For the nine giant fields, total active well count increased from 29,937 in 1996 to 33,165 in 2000. The majority of the wells drilled are less than 2,000 ft (610 m) deep. Fast drilling, repetitive completions and large program groups have minimized costs and lowered economic thresholds, leading to improved field recovery and significant reserve additions.

Role of EOR

Enhanced oil recovery (EOR) historically has been important to California's productivity. Since 1995, approximately 70% of total production is attributed to thermal, water and gas injection projects. Because California oil is generally viscous and located in shallow, high-permeability reservoirs, steam injection has been the dominant EOR method and accounts for more than half of all oil produced since 1995.
DOGGR reports that seven of the nine giant fields contain active thermal recovery projects. The only two that do not are Inglewood and Elk Hills. The seven thermal recovery projects produce at an average depth of 1,100 ft (336 m) and on average are drilled on 1-acre spacing. The top three producers and contributors to reserve additions - South Belridge, Kern River and Midway-Sunset - are California's dominant thermal projects. Production for these fields clearly shows a recent downturn in productivity (Figure 3). This is due to California's 2001 energy crisis, when steam generation and injection was cut back by nearly 17% compared to 2000 levels in all three fields, immediately affecting production. Steam injection is returning to pre-crisis levels, but formations have cooled, and recovery to former production levels will take some time.

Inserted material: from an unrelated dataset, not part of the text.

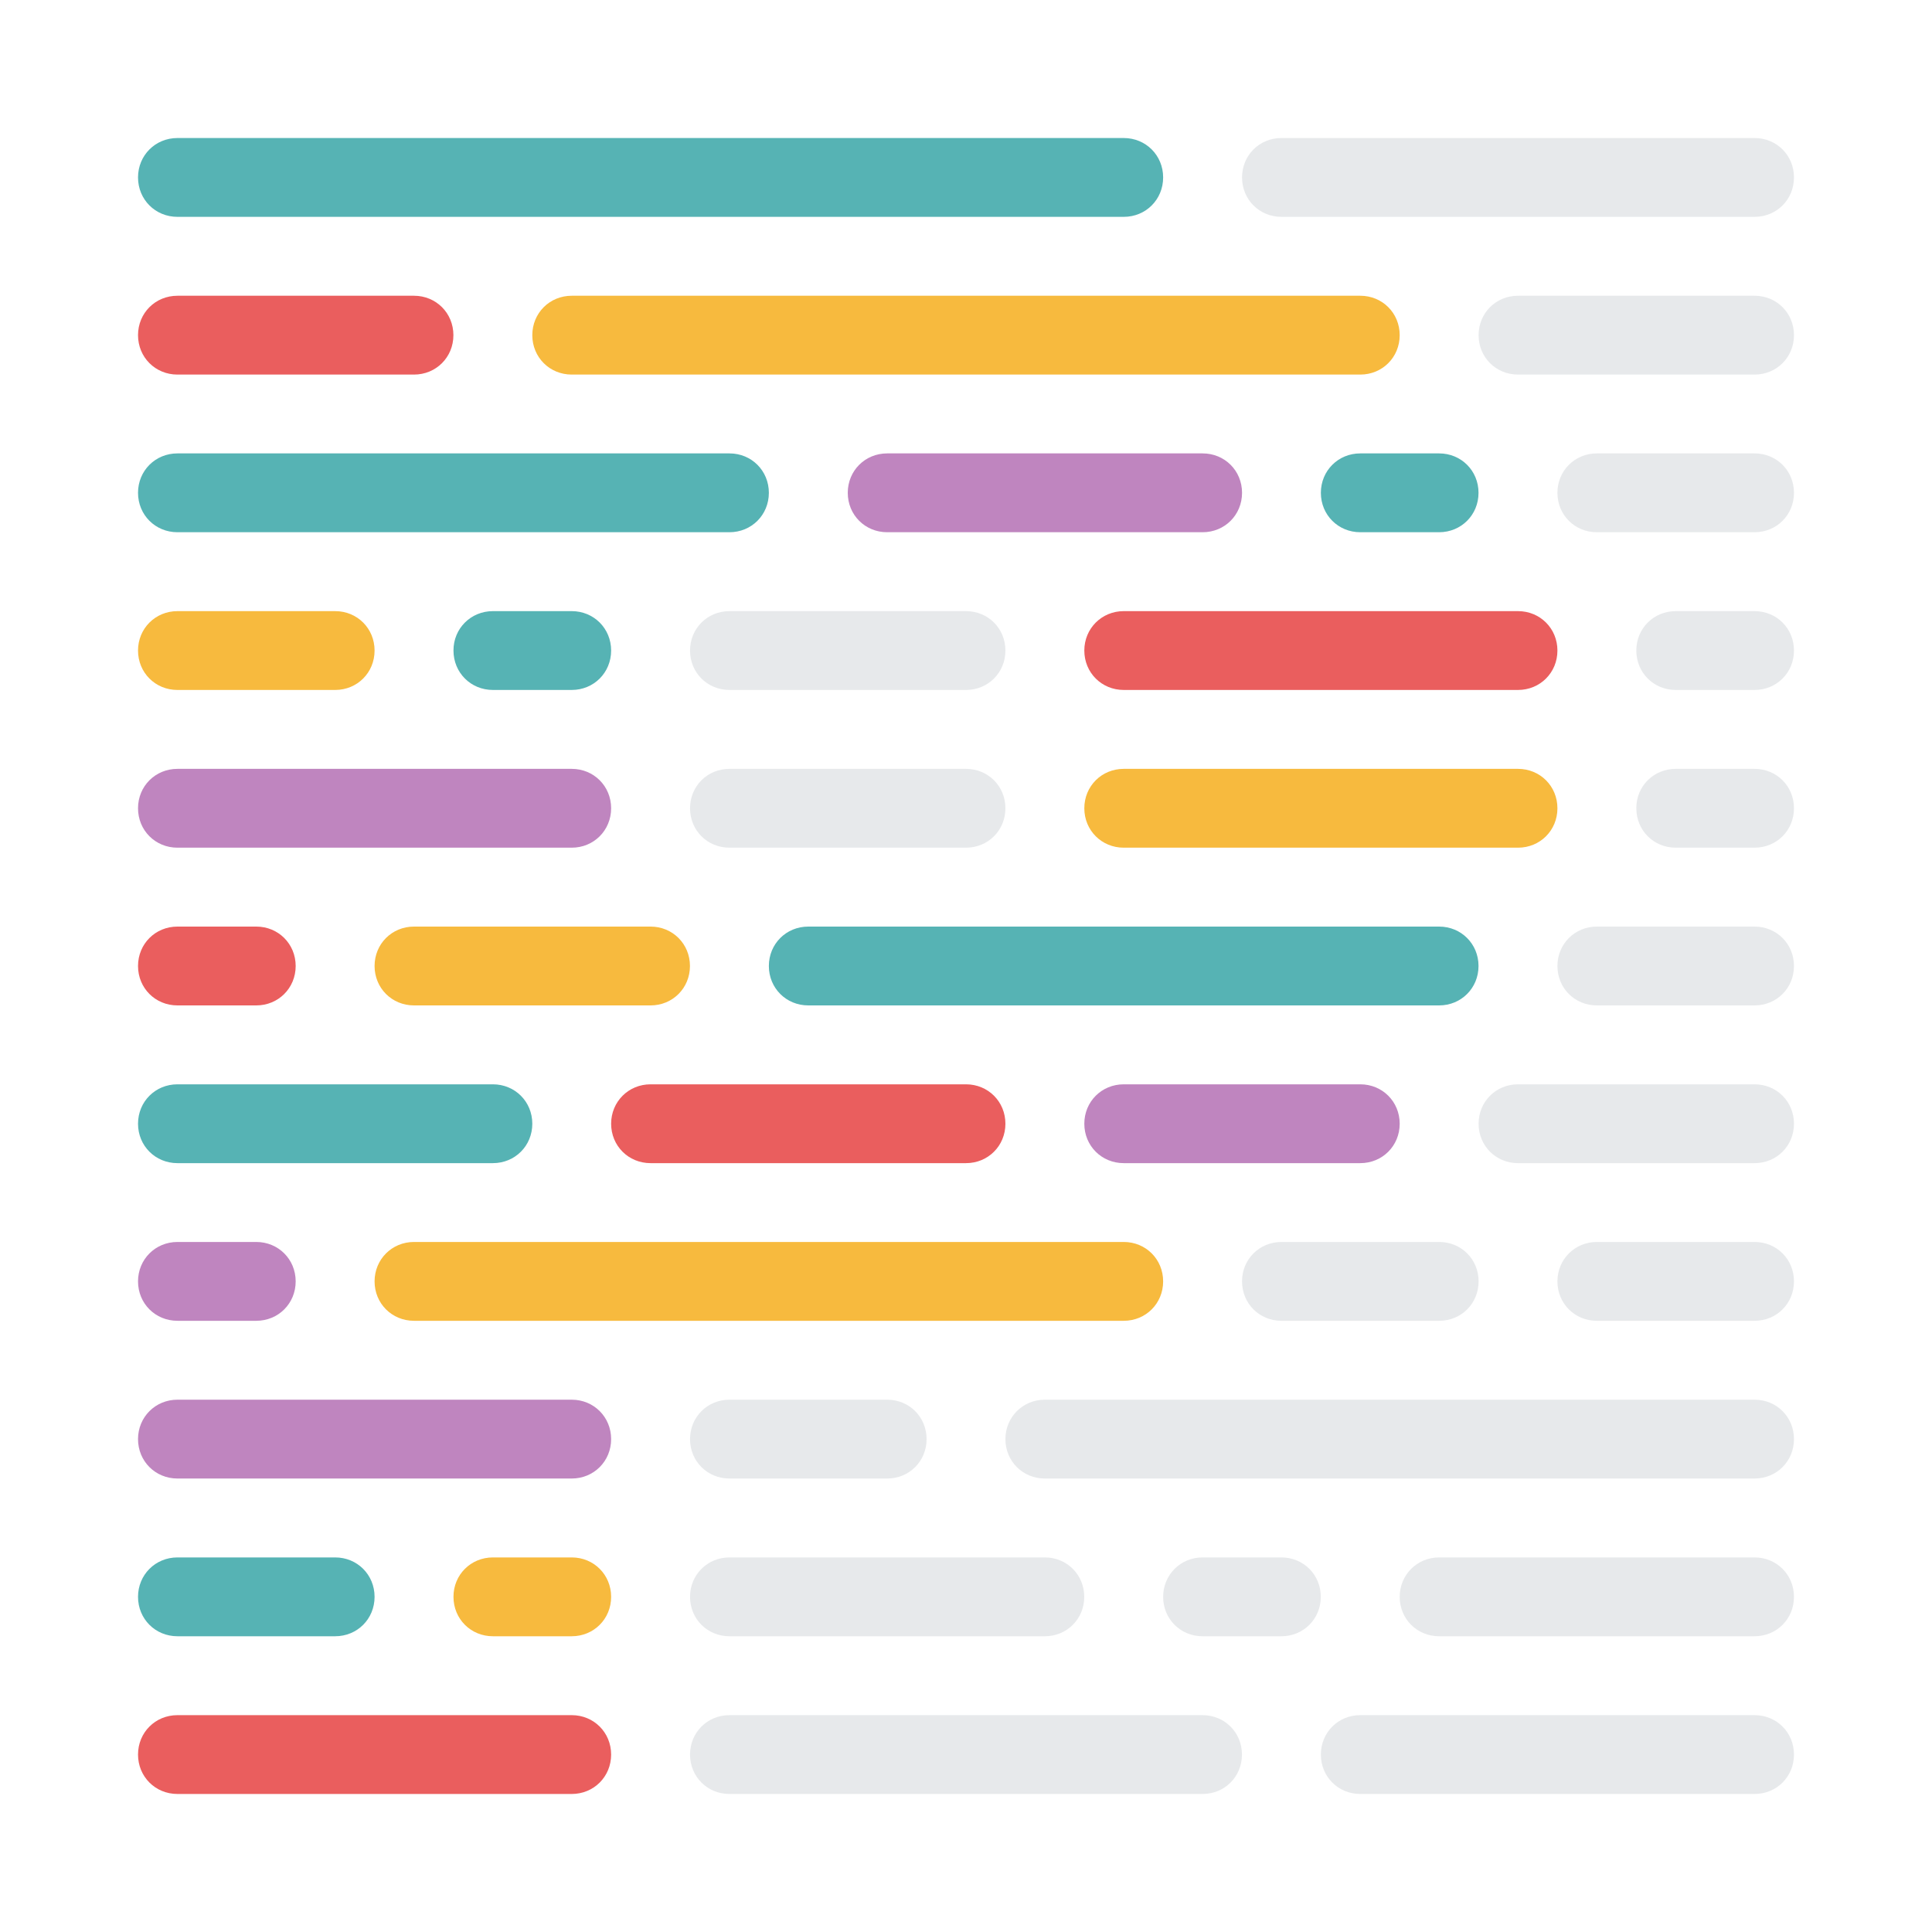 <?xml version="1.0"?>
 <!-- Generator: Adobe Illustrator 24.0.0, SVG Export Plug-In . SVG Version: 6.00 Build 0) --> <svg version="1.1" id="Layer_1" xmlns="http://www.w3.org/2000/svg" xmlns:xlink="http://www.w3.org/1999/xlink" x="0px" y="0px" viewBox="0 0 2500 2500" style="enable-background:new 0 0 2500 2500;" xml:space="preserve" width="2500" height="2500"> <style type="text/css"> .st0{fill:#56B3B4;} .st1{fill:#EA5E5E;} .st2{fill:#BF85BF;} .st3{fill:#F7BA3E;} .st4{opacity:0.5;fill:#D0D4D8;enable-background:new ;} </style> <title>prettier-icon-light</title> <g id="Page-1"> <g id="prettier-icon-light"> <g id="Icon-_x28_Light_x29_"> <g id="Group"> <path id="Rectangle" class="st0" d="M1760.2,586.7h102c28.6,0,51,22.4,51,51s-22.4,51-51,51h-102c-28.6,0-51-22.4-51-51 S1731.6,586.7,1760.2,586.7z"></path> <path id="Rectangle_1_" class="st1" d="M229.6,2219.4h510.2c28.6,0,51,22.4,51,51s-22.4,51-51,51H229.6c-28.6,0-51-22.4-51-51 S201,2219.4,229.6,2219.4z"></path> <path id="Rectangle_2_" class="st2" d="M1454.1,1403.1h306.1c28.6,0,51,22.4,51,51s-22.4,51-51,51h-306.1c-28.6,0-51-22.4-51-51 S1425.5,1403.1,1454.1,1403.1z"></path> <path id="Rectangle_3_" class="st1" d="M841.8,1403.1H1250c28.6,0,51,22.4,51,51s-22.4,51-51,51H841.8c-28.6,0-51-22.4-51-51 S813.3,1403.1,841.8,1403.1z"></path> <path id="Rectangle_4_" class="st0" d="M229.6,1403.1h408.2c28.6,0,51,22.4,51,51s-22.4,51-51,51H229.6c-28.6,0-51-22.4-51-51 S201,1403.1,229.6,1403.1z"></path> <path id="Rectangle_5_" class="st2" d="M229.6,1811.2h510.2c28.6,0,51,22.4,51,51s-22.4,51-51,51H229.6c-28.6,0-51-22.4-51-51 C178.6,1833.7,201,1811.2,229.6,1811.2z"></path> <path id="Rectangle_6_" class="st2" d="M229.6,994.9h510.2c28.6,0,51,22.4,51,51s-22.4,51-51,51H229.6c-28.6,0-51-22.4-51-51 C178.6,1017.3,201,994.9,229.6,994.9z"></path> <path id="Rectangle_7_" class="st3" d="M739.8,382.7h1020.4c28.6,0,51,22.4,51,51s-22.4,51-51,51H739.8c-28.6,0-51-22.4-51-51 S711.2,382.7,739.8,382.7z"></path> <path id="Rectangle_8_" class="st1" d="M229.6,382.7h306.1c28.6,0,51,22.4,51,51s-22.4,51-51,51H229.6c-28.6,0-51-22.4-51-51 S201,382.7,229.6,382.7z"></path> <path id="Rectangle_9_" class="st3" d="M637.8,2015.3h102c28.6,0,51,22.4,51,51c0,28.6-22.4,51-51,51h-102 c-28.6,0-51-22.4-51-51C586.7,2037.8,609.2,2015.3,637.8,2015.3z"></path> <path id="Rectangle_10_" class="st0" d="M637.8,790.8h102c28.6,0,51,22.4,51,51s-22.4,51-51,51h-102c-28.6,0-51-22.4-51-51 C586.7,813.3,609.2,790.8,637.8,790.8z"></path> <path id="Rectangle_11_" class="st0" d="M229.6,2015.3h204.1c28.6,0,51,22.4,51,51c0,28.6-22.4,51-51,51H229.6 c-28.6,0-51-22.4-51-51C178.6,2037.8,201,2015.3,229.6,2015.3z"></path> <path id="Rectangle_12_" class="st3" d="M229.6,790.8h204.1c28.6,0,51,22.4,51,51s-22.4,51-51,51H229.6c-28.6,0-51-22.4-51-51 C178.6,813.3,201,790.8,229.6,790.8z"></path> <path id="Rectangle_13_" class="st4" d="M1556.1,2015.3h102c28.6,0,51,22.4,51,51c0,28.6-22.4,51-51,51h-102 c-28.6,0-51-22.4-51-51C1505.1,2037.8,1527.6,2015.3,1556.1,2015.3z"></path> <path id="Rectangle_14_" class="st4" d="M943.9,2015.3H1352c28.6,0,51,22.4,51,51c0,28.6-22.4,51-51,51H943.9 c-28.6,0-51-22.4-51-51C892.9,2037.8,915.3,2015.3,943.9,2015.3z"></path> <path id="Rectangle_15_" class="st4" d="M1862.2,2015.3h408.2c28.6,0,51,22.4,51,51c0,28.6-22.4,51-51,51h-408.2 c-28.6,0-51-22.4-51-51C1811.2,2037.8,1833.7,2015.3,1862.2,2015.3z"></path> <path id="Rectangle_16_" class="st0" d="M1045.9,1199h816.3c28.6,0,51,22.4,51,51s-22.4,51-51,51h-816.3c-28.6,0-51-22.4-51-51 C994.9,1221.4,1017.3,1199,1045.9,1199z"></path> <path id="Rectangle_17_" class="st3" d="M535.7,1199h306.1c28.6,0,51,22.4,51,51s-22.4,51-51,51H535.7c-28.6,0-51-22.4-51-51 S507.1,1199,535.7,1199z"></path> <path id="Rectangle_18_" class="st1" d="M229.6,1199h102c28.6,0,51,22.4,51,51s-22.4,51-51,51h-102c-28.6,0-51-22.4-51-51 S201,1199,229.6,1199z"></path> <path id="Rectangle_19_" class="st2" d="M1148,586.7h408.2c28.6,0,51,22.4,51,51s-22.4,51-51,51H1148c-28.6,0-51-22.4-51-51 S1119.4,586.7,1148,586.7z"></path> <path id="Rectangle_20_" class="st0" d="M229.6,586.7h714.3c28.6,0,51,22.4,51,51s-22.4,51-51,51H229.6c-28.6,0-51-22.4-51-51 S201,586.7,229.6,586.7z"></path> <path id="Rectangle_21_" class="st3" d="M535.7,1607.1h918.4c28.6,0,51,22.4,51,51s-22.4,51-51,51H535.7c-28.6,0-51-22.4-51-51 C484.7,1629.6,507.1,1607.1,535.7,1607.1z"></path> <path id="Rectangle_22_" class="st2" d="M229.6,1607.1h102c28.6,0,51,22.4,51,51s-22.4,51-51,51h-102c-28.6,0-51-22.4-51-51 C178.6,1629.6,201,1607.1,229.6,1607.1z"></path> <path id="Rectangle_23_" class="st1" d="M1454.1,790.8h510.2c28.6,0,51,22.4,51,51s-22.4,51-51,51h-510.2c-28.6,0-51-22.4-51-51 C1403.1,813.3,1425.5,790.8,1454.1,790.8z"></path> <path id="Rectangle_24_" class="st3" d="M1454.1,994.9h510.2c28.6,0,51,22.4,51,51s-22.4,51-51,51h-510.2c-28.6,0-51-22.4-51-51 C1403.1,1017.3,1425.5,994.9,1454.1,994.9z"></path> <path id="Rectangle_25_" class="st0" d="M229.6,178.6h1224.5c28.6,0,51,22.4,51,51s-22.4,51-51,51H229.6c-28.6,0-51-22.4-51-51 S201,178.6,229.6,178.6z"></path> <path id="Rectangle_26_" class="st4" d="M1658.2,178.6h612.2c28.6,0,51,22.4,51,51s-22.4,51-51,51h-612.2c-28.6,0-51-22.4-51-51 S1629.6,178.6,1658.2,178.6z"></path> <path id="Rectangle_27_" class="st4" d="M1658.2,1607.1h204.1c28.6,0,51,22.4,51,51s-22.4,51-51,51h-204.1 c-28.6,0-51-22.4-51-51C1607.1,1629.6,1629.6,1607.1,1658.2,1607.1z"></path> <path id="Rectangle_28_" class="st4" d="M2066.3,1607.1h204.1c28.6,0,51,22.4,51,51s-22.4,51-51,51h-204.1 c-28.6,0-51-22.4-51-51C2015.3,1629.6,2037.8,1607.1,2066.3,1607.1z"></path> <path id="Rectangle_29_" class="st4" d="M1964.3,1403.1h306.1c28.6,0,51,22.4,51,51s-22.4,51-51,51h-306.1 c-28.6,0-51-22.4-51-51C1913.3,1425.5,1935.7,1403.1,1964.3,1403.1z"></path> <path id="Rectangle_30_" class="st4" d="M1964.3,382.7h306.1c28.6,0,51,22.4,51,51s-22.4,51-51,51h-306.1c-28.6,0-51-22.4-51-51 C1913.3,405.1,1935.7,382.7,1964.3,382.7z"></path> <path id="Rectangle_31_" class="st4" d="M2066.3,1199h204.1c28.6,0,51,22.4,51,51s-22.4,51-51,51h-204.1c-28.6,0-51-22.4-51-51 S2037.8,1199,2066.3,1199z"></path> <path id="Rectangle_32_" class="st4" d="M2066.3,586.7h204.1c28.6,0,51,22.4,51,51s-22.4,51-51,51h-204.1c-28.6,0-51-22.4-51-51 S2037.8,586.7,2066.3,586.7z"></path> <path id="Rectangle_33_" class="st4" d="M2168.4,790.8h102c28.6,0,51,22.4,51,51s-22.4,51-51,51h-102c-28.6,0-51-22.4-51-51 C2117.3,813.3,2139.8,790.8,2168.4,790.8z"></path> <path id="Rectangle_34_" class="st4" d="M2168.4,994.9h102c28.6,0,51,22.4,51,51s-22.4,51-51,51h-102c-28.6,0-51-22.4-51-51 C2117.3,1017.3,2139.8,994.9,2168.4,994.9z"></path> <path id="Rectangle_35_" class="st4" d="M1352,1811.2h918.4c28.6,0,51,22.4,51,51s-22.4,51-51,51H1352c-28.6,0-51-22.4-51-51 C1301,1833.7,1323.5,1811.2,1352,1811.2z"></path> <path id="Rectangle_36_" class="st4" d="M943.9,1811.2H1148c28.6,0,51,22.4,51,51s-22.4,51-51,51H943.9c-28.6,0-51-22.4-51-51 C892.9,1833.7,915.3,1811.2,943.9,1811.2z"></path> <path id="Rectangle_37_" class="st4" d="M1760.2,2219.4h510.2c28.6,0,51,22.4,51,51s-22.4,51-51,51h-510.2 c-28.6,0-51-22.4-51-51S1731.6,2219.4,1760.2,2219.4z"></path> <path id="Rectangle_38_" class="st4" d="M943.9,2219.4h612.2c28.6,0,51,22.4,51,51s-22.4,51-51,51H943.9c-28.6,0-51-22.4-51-51 S915.3,2219.4,943.9,2219.4z"></path> <path id="Rectangle_39_" class="st4" d="M943.9,790.8H1250c28.6,0,51,22.4,51,51s-22.4,51-51,51H943.9c-28.6,0-51-22.4-51-51 C892.9,813.3,915.3,790.8,943.9,790.8z"></path> <path id="Rectangle_40_" class="st4" d="M943.9,994.9H1250c28.6,0,51,22.4,51,51s-22.4,51-51,51H943.9c-28.6,0-51-22.4-51-51 C892.9,1017.3,915.3,994.9,943.9,994.9z"></path> </g> </g> </g> </g> </svg>

Recent productivity trends

Compared to 2000, California's daily average production in 2001 dropped from 743,900 b/d 715,100 b/d. This loss can be attributed entirely to the 2001 energy crisis, which affected oil productivity in two ways: high fuel costs and power curtailments. High fuel costs resulted in reduced steam injection, which translated into an immediate loss in productivity. Anecdotally, during 2001, California fields also were affected by rolling power cutbacks imposed by suppliers. The shortage of electric power resulted in mandatory field shut-ins, causing additional productivity losses from fields entirely dependent on artificial lift. In addition, higher power costs most certainly caused marginal wells to be shut in. The loss in production from power curtailment cannot be quantified from the data reviewed, but is undoubtedly important.

California produced 261 million bbl of oil in 2001. Analysis of 2000 reported reserves and production for California's giant oil fields shows that it is unlikely that reserve additions will replace this production. Opportunities continue to exist, however, for important and profitable reserve additions by operators applying new practices that reduce investment for new wells and reduce costs in existing operations.